(Extracted material)

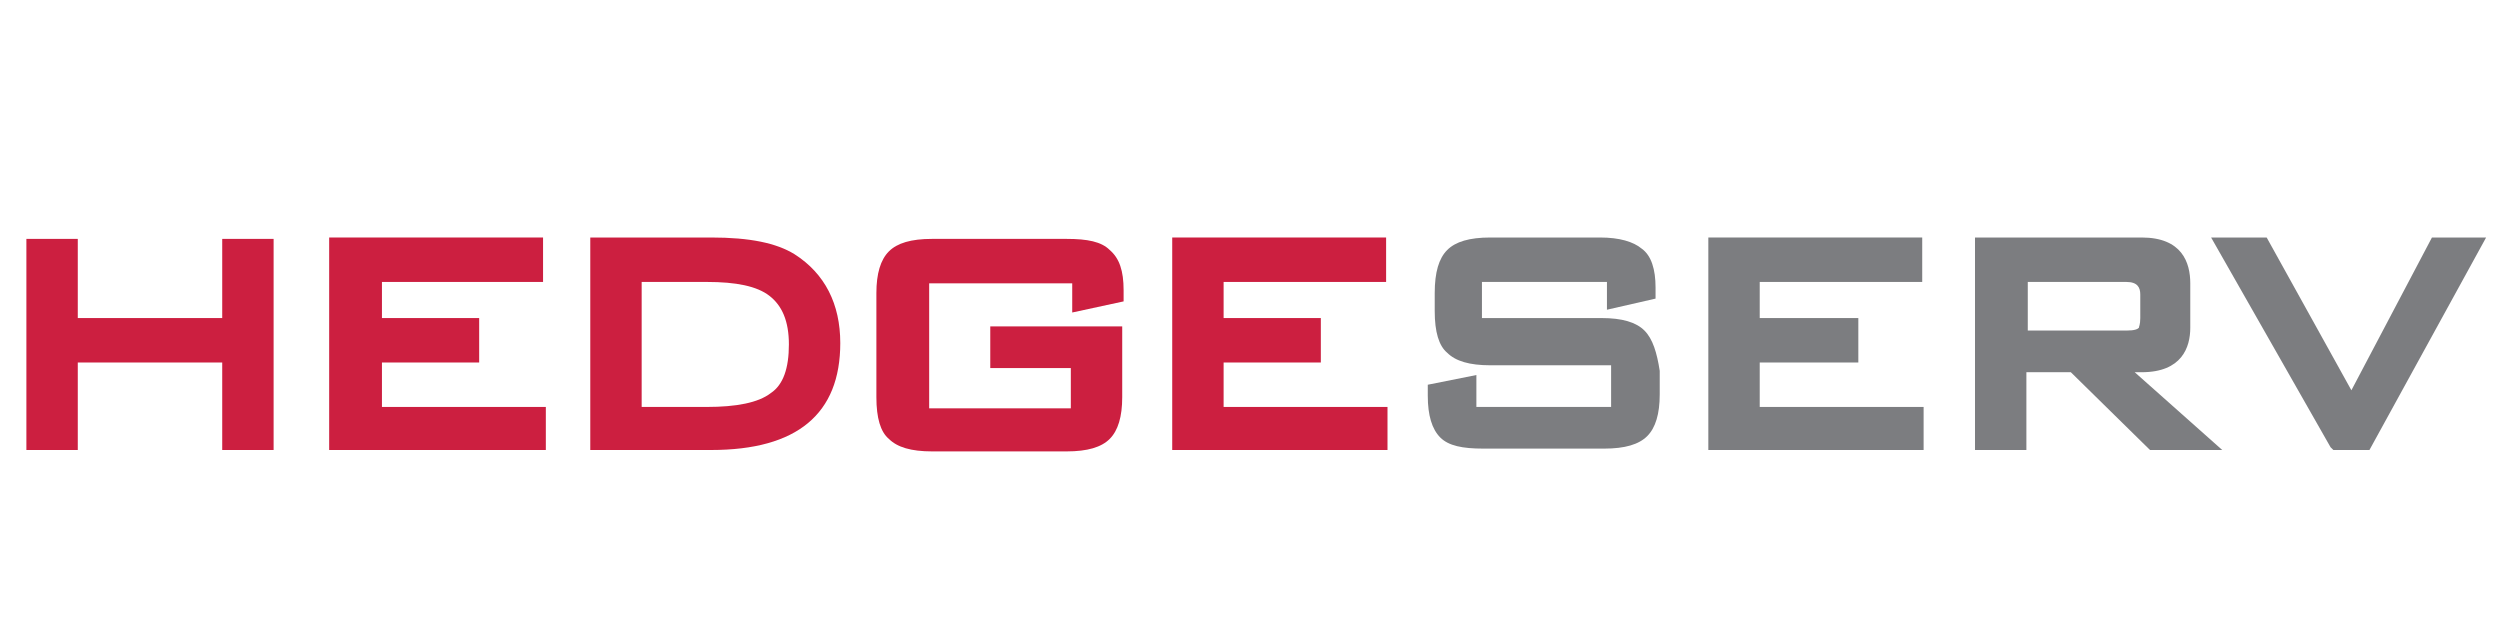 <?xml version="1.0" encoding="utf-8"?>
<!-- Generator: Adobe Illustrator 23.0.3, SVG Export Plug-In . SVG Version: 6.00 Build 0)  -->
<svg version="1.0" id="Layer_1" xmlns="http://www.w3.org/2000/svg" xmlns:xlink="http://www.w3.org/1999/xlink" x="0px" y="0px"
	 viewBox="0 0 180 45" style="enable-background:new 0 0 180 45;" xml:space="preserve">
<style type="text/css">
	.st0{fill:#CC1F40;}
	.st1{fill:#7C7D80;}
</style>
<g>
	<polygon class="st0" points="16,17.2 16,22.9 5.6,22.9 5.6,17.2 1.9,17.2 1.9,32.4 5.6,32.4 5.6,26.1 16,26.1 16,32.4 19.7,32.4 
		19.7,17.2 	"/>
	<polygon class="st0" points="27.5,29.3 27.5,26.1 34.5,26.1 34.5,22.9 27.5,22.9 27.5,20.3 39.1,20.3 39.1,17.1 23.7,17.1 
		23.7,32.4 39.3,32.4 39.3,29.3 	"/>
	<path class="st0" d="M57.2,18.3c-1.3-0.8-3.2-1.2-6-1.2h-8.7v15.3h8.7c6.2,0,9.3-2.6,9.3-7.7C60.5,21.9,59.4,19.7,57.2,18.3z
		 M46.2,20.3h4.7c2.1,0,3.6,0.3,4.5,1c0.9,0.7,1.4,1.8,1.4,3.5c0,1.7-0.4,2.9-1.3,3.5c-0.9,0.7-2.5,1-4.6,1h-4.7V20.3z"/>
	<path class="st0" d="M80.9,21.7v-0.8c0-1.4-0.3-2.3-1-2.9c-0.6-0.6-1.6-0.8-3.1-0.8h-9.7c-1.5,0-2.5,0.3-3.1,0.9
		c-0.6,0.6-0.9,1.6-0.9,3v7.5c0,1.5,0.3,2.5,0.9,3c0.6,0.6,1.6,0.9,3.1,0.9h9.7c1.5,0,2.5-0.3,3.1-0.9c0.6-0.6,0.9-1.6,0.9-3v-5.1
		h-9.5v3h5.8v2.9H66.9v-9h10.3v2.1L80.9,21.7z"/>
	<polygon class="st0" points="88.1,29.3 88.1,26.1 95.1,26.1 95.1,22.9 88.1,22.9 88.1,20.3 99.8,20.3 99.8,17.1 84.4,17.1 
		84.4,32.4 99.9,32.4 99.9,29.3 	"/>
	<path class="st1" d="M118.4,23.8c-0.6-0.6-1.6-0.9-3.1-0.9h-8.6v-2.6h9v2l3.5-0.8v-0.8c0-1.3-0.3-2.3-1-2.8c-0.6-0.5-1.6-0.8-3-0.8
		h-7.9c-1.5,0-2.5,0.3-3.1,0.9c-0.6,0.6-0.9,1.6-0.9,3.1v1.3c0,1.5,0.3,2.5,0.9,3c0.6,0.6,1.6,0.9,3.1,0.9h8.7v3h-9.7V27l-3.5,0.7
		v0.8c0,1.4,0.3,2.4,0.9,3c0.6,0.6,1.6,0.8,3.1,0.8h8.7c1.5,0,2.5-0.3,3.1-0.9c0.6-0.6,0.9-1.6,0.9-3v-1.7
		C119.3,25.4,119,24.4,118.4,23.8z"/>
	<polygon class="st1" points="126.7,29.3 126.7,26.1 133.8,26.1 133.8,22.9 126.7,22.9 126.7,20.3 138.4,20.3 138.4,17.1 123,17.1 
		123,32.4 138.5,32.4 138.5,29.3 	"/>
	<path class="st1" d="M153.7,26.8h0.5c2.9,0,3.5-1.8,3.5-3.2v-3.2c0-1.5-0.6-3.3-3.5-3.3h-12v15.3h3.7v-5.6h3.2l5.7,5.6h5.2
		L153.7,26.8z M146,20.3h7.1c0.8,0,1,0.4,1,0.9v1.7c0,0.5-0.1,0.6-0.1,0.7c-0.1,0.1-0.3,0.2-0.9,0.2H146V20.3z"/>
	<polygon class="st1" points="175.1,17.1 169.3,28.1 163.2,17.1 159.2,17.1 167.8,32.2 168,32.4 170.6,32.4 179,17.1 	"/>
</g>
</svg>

(End Extracted material)

_The problem_
Please reproduce every record exactly, leaving the pictures out.

_Result of the exercise_
 <?xml version="1.0" encoding="utf-8"?>
<!-- Generator: Adobe Illustrator 23.0.3, SVG Export Plug-In . SVG Version: 6.00 Build 0)  -->
<svg version="1.0" id="Layer_1" xmlns="http://www.w3.org/2000/svg" xmlns:xlink="http://www.w3.org/1999/xlink" x="0px" y="0px"
	 viewBox="0 0 180 45" style="enable-background:new 0 0 180 45;" xml:space="preserve">
<style type="text/css">
	.st0{fill:#CC1F40;}
	.st1{fill:#7C7D80;}
</style>
<g>
	<polygon class="st0" points="16,17.2 16,22.9 5.6,22.9 5.6,17.2 1.9,17.2 1.9,32.4 5.6,32.4 5.6,26.1 16,26.1 16,32.4 19.7,32.4 
		19.7,17.2 	"/>
	<polygon class="st0" points="27.5,29.3 27.5,26.1 34.5,26.1 34.5,22.9 27.5,22.9 27.5,20.3 39.1,20.3 39.1,17.1 23.7,17.1 
		23.7,32.4 39.3,32.4 39.3,29.3 	"/>
	<path class="st0" d="M57.2,18.3c-1.3-0.8-3.2-1.2-6-1.2h-8.7v15.3h8.7c6.2,0,9.3-2.6,9.3-7.7C60.5,21.9,59.4,19.7,57.2,18.3z
		 M46.2,20.3h4.7c2.1,0,3.6,0.3,4.5,1c0.9,0.7,1.4,1.8,1.4,3.5c0,1.7-0.4,2.9-1.3,3.5c-0.9,0.7-2.5,1-4.6,1h-4.7V20.3z"/>
	<path class="st0" d="M80.9,21.7v-0.8c0-1.4-0.3-2.3-1-2.9c-0.6-0.6-1.6-0.8-3.1-0.8h-9.7c-1.5,0-2.5,0.3-3.1,0.9
		c-0.6,0.6-0.9,1.6-0.9,3v7.5c0,1.5,0.3,2.5,0.9,3c0.6,0.6,1.6,0.9,3.1,0.9h9.7c1.5,0,2.5-0.3,3.1-0.9c0.6-0.6,0.9-1.6,0.9-3v-5.1
		h-9.5v3h5.8v2.9H66.9v-9h10.3v2.1L80.9,21.7z"/>
	<polygon class="st0" points="88.1,29.3 88.1,26.1 95.1,26.1 95.1,22.9 88.1,22.9 88.1,20.3 99.8,20.3 99.8,17.1 84.4,17.1 
		84.4,32.4 99.9,32.4 99.9,29.3 	"/>
	<path class="st1" d="M118.4,23.8c-0.6-0.6-1.6-0.9-3.1-0.9h-8.6v-2.6h9v2l3.5-0.8v-0.8c0-1.3-0.3-2.3-1-2.8c-0.6-0.5-1.6-0.8-3-0.8
		h-7.9c-1.5,0-2.5,0.3-3.1,0.9c-0.6,0.6-0.9,1.6-0.9,3.1v1.3c0,1.5,0.3,2.5,0.9,3c0.6,0.6,1.6,0.9,3.1,0.9h8.7v3h-9.7V27l-3.5,0.7
		v0.8c0,1.4,0.3,2.4,0.9,3c0.6,0.6,1.6,0.8,3.1,0.8h8.7c1.5,0,2.5-0.3,3.1-0.9c0.6-0.6,0.9-1.6,0.9-3v-1.7
		C119.3,25.4,119,24.4,118.4,23.8z"/>
	<polygon class="st1" points="126.7,29.3 126.7,26.1 133.8,26.1 133.8,22.9 126.7,22.9 126.7,20.3 138.4,20.3 138.4,17.1 123,17.1 
		123,32.4 138.5,32.4 138.5,29.3 	"/>
	<path class="st1" d="M153.7,26.8h0.5c2.9,0,3.5-1.8,3.5-3.2v-3.2c0-1.5-0.6-3.3-3.5-3.3h-12v15.3h3.7v-5.6h3.2l5.7,5.6h5.2
		L153.7,26.8z M146,20.3h7.1c0.8,0,1,0.4,1,0.9v1.7c0,0.5-0.1,0.6-0.1,0.7c-0.1,0.1-0.3,0.2-0.9,0.2H146V20.3z"/>
	<polygon class="st1" points="175.1,17.1 169.3,28.1 163.2,17.1 159.2,17.1 167.8,32.2 168,32.4 170.6,32.4 179,17.1 	"/>
</g>
</svg>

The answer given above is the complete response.